Tofi looked unhappy, but even Maol murmured, “East,” and the look was in their eyes.
So they struck the tents, the slaves both moping through their task, mourning the rich tables of the village, and bundled up the gear a day ahead of their plan. They roused out the beasts, who were no more ready to leave than the slaves, and who put up a great protest of lamenting and moaning. The beasts fled the reach of the slaves, and predictably the whole village of Pori turned out to watch and laugh.
Hati frowned, but Norit thought it funny, and laughed, too. “A’ip!” Hati said sharply, the command to halt, and stalked out into the circling pursuit, seized her own reluctant beast by the halter lead, and brought him back. Then she snagged Marak’s, and brought him back, to the cheers of the onlookers, who mocked the slaves and cheered the other beasts on.
The au’it solemnly wrote her account, perched primly on a pile of their baggage awaiting beasts to carry it.
The beasts tired, the slaves put out a great effort, and caught one after another of the rebel animals. They had traded two of the beasts to the lord of Pori, and by refitting the saddles with side poles, made their other excess animals into pack beasts, but those complained about the loading, and hated the poles. It was all a swirl of bawling beasts and complaints and calls for this and that item in the most possible confusion.

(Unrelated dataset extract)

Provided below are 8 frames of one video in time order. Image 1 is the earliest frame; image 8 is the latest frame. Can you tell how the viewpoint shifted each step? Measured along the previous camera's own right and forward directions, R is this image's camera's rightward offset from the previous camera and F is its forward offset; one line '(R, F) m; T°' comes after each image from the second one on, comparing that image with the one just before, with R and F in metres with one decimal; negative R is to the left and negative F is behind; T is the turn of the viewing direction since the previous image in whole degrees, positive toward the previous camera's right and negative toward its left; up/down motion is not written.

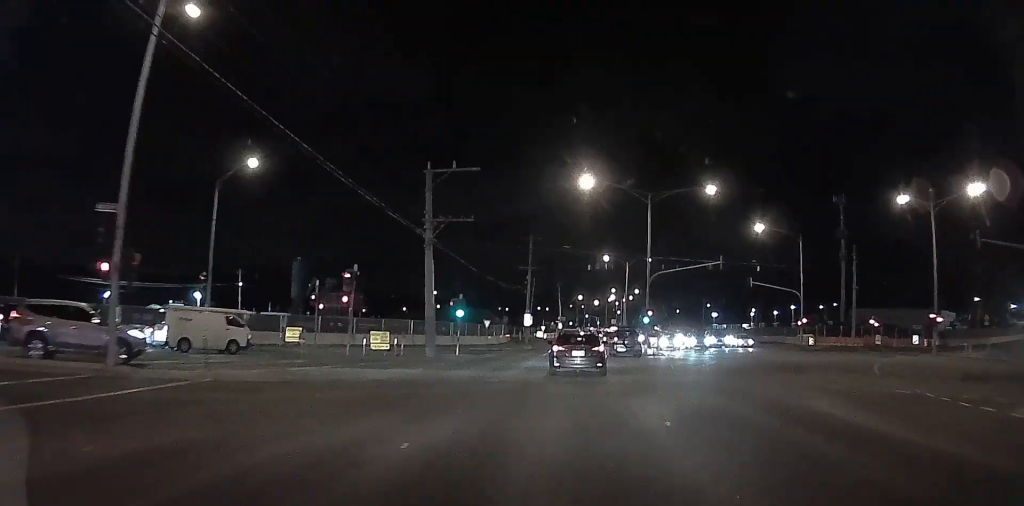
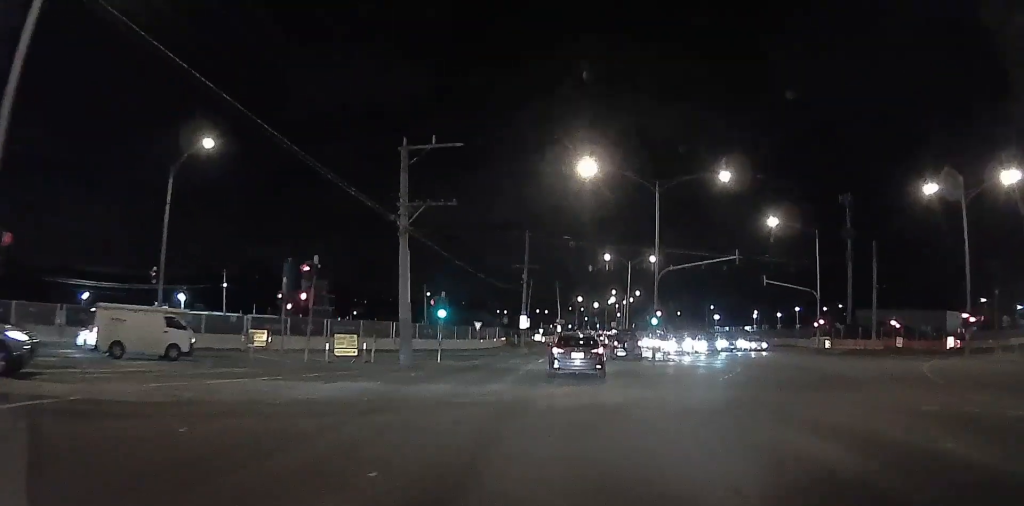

The water-au’it meanwhile measured out the flow by which they filled all the waterskins, theirs and those large ones the beasts carried, to the brim. They favored themselves, at the Ila’s charge, with a last, full drink from the sweet water, and the lord of the village, not disparaging madmen who paid well, gave each of them a fresh fruit, even the slaves.
It was a welcome surprise. Tofi was ready, however, and gave the lord a token, one of their fine bronze heating-mirrors, wrapped in soft leather.

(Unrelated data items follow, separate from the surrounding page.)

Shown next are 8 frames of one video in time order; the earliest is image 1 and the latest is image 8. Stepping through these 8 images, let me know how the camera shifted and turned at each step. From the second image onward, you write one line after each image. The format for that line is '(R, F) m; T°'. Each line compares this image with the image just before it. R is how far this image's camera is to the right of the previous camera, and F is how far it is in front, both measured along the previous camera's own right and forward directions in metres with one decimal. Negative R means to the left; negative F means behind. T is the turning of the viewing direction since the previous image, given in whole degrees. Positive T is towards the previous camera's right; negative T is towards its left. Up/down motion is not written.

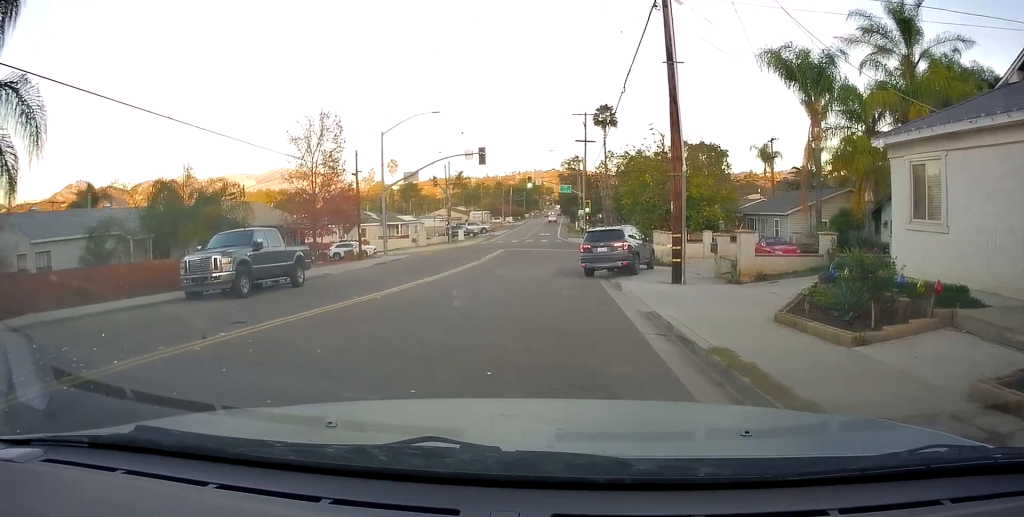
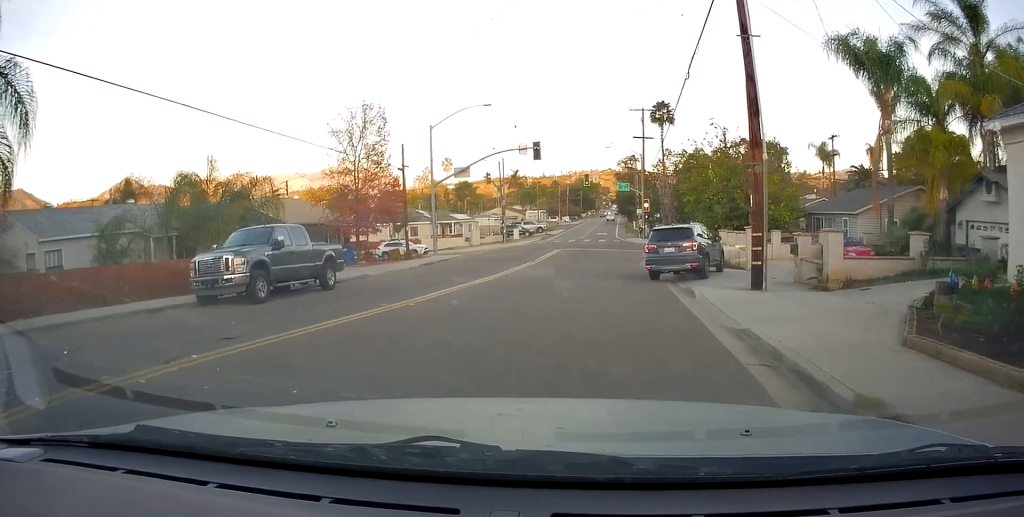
(-0.1, +1.9) m; -4°
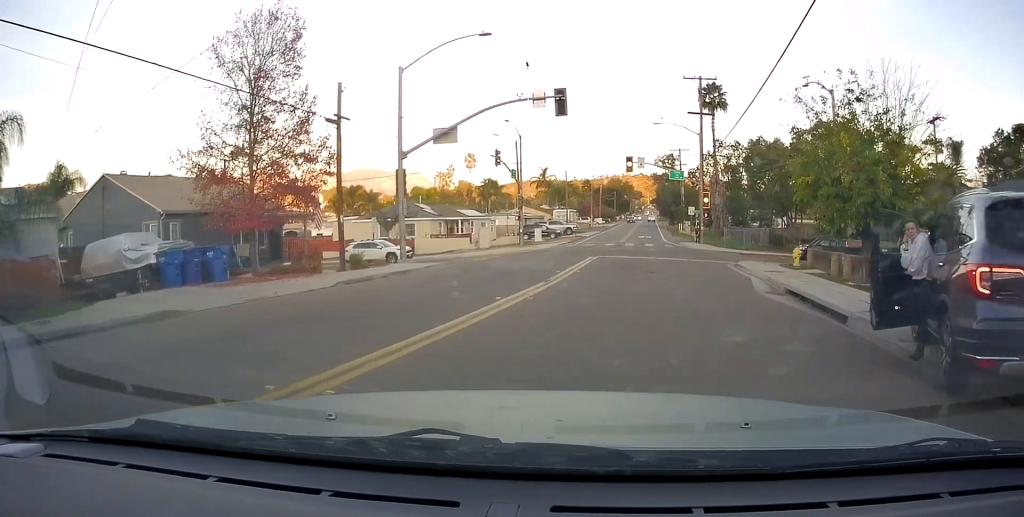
(-1.9, +12.0) m; -10°
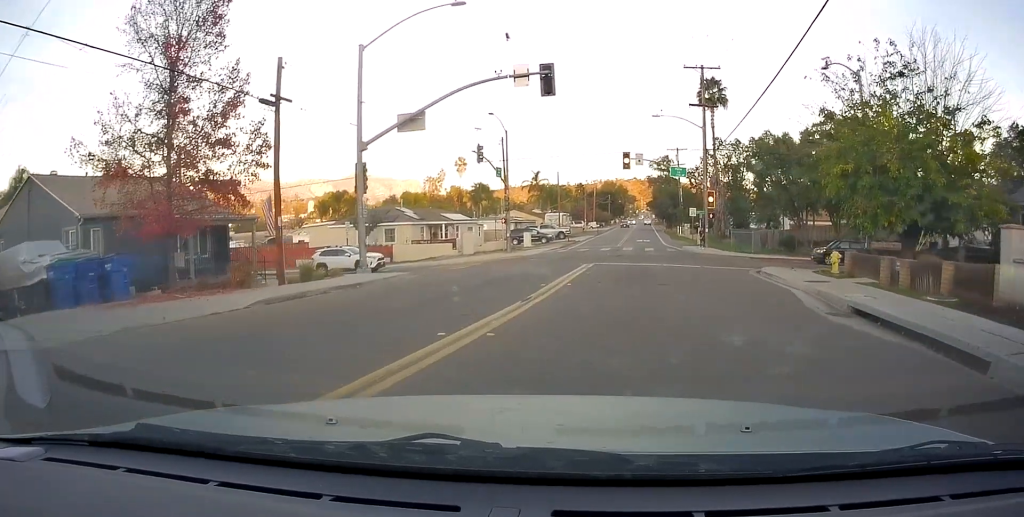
(0.0, +3.5) m; +2°
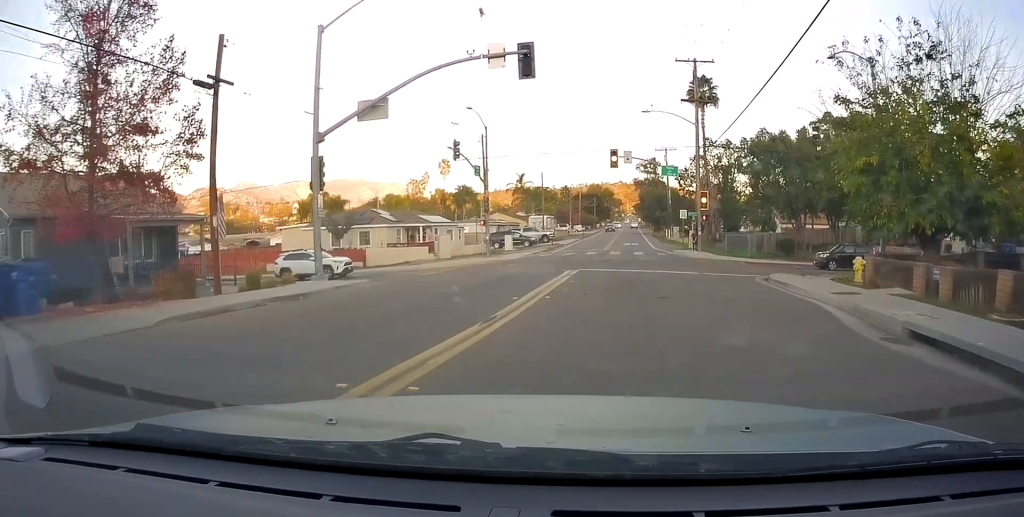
(+0.1, +2.5) m; 0°
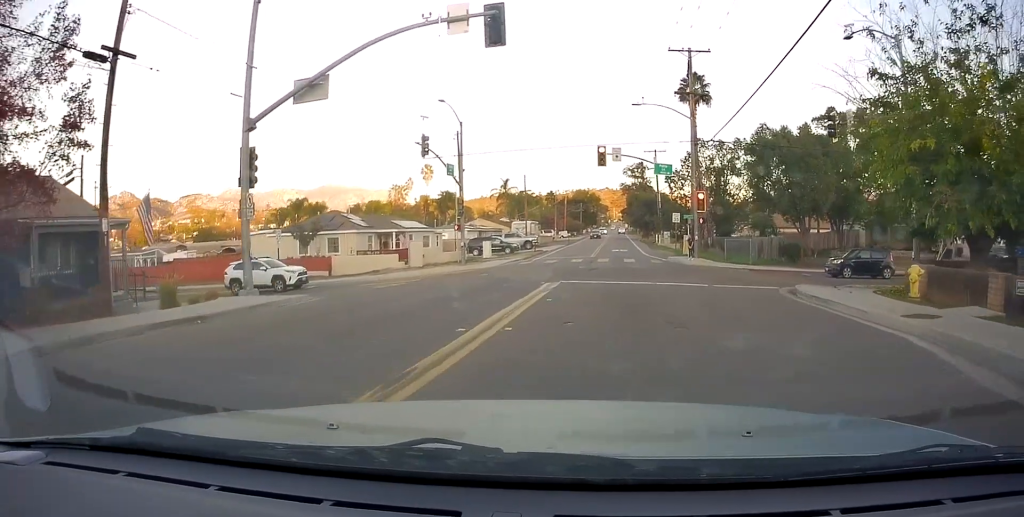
(+0.1, +3.4) m; +1°
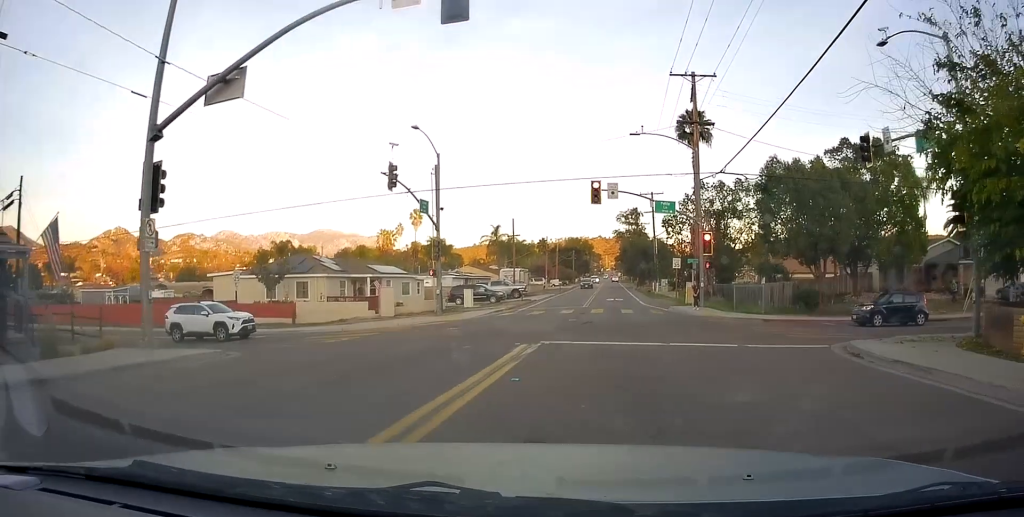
(-0.1, +4.3) m; 0°
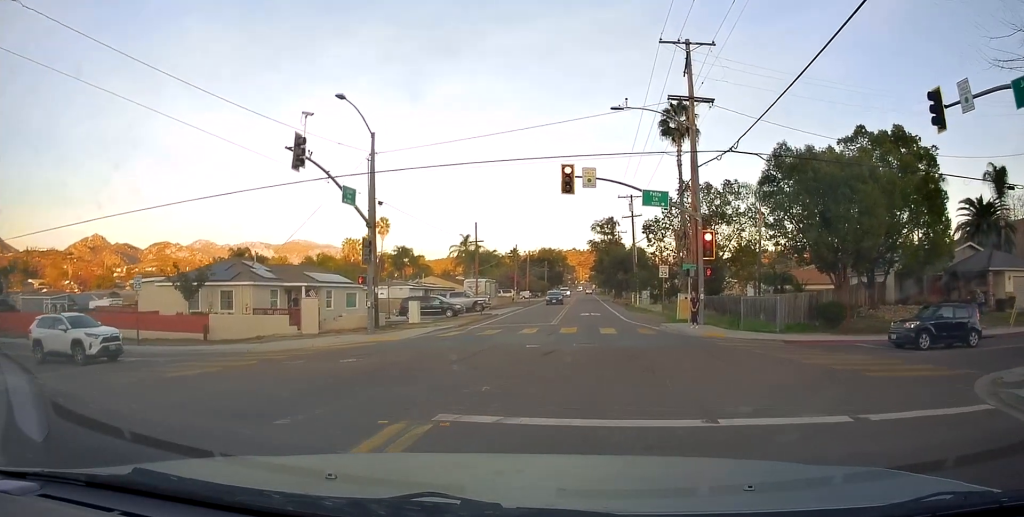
(+0.1, +8.5) m; +5°

“Count this, too, from the Ila,” Marak said in all honesty.
“We look forward to your return,” the lord of Pori said, bowed deeply and cherished the big mirror against his heart.
Would they? Marak asked himself. He had not asked himself that question in their stay here. It was their mission. But would they?
The lord’s wife presented a bundle of dried fruit, which was a fine gift, too, one which Marak did not intend to hoard to himself; but by now he feared he was not as expressive as he wished. Marak, Marak, the voices were saying and in his head he saw the cave of suns and imagined Kassan and Foragi descending rocks, afoot, in danger. In his blood was a fever to be moving he had not felt since the Ila’s hall. Structures of fire shot through his vision, and the sweet-sour taste of the living fruit, dripping with juices, provided its own distraction. He bid farewell with juice-wet fingers and kept the pit in his mouth, too distracted for conversation or wit.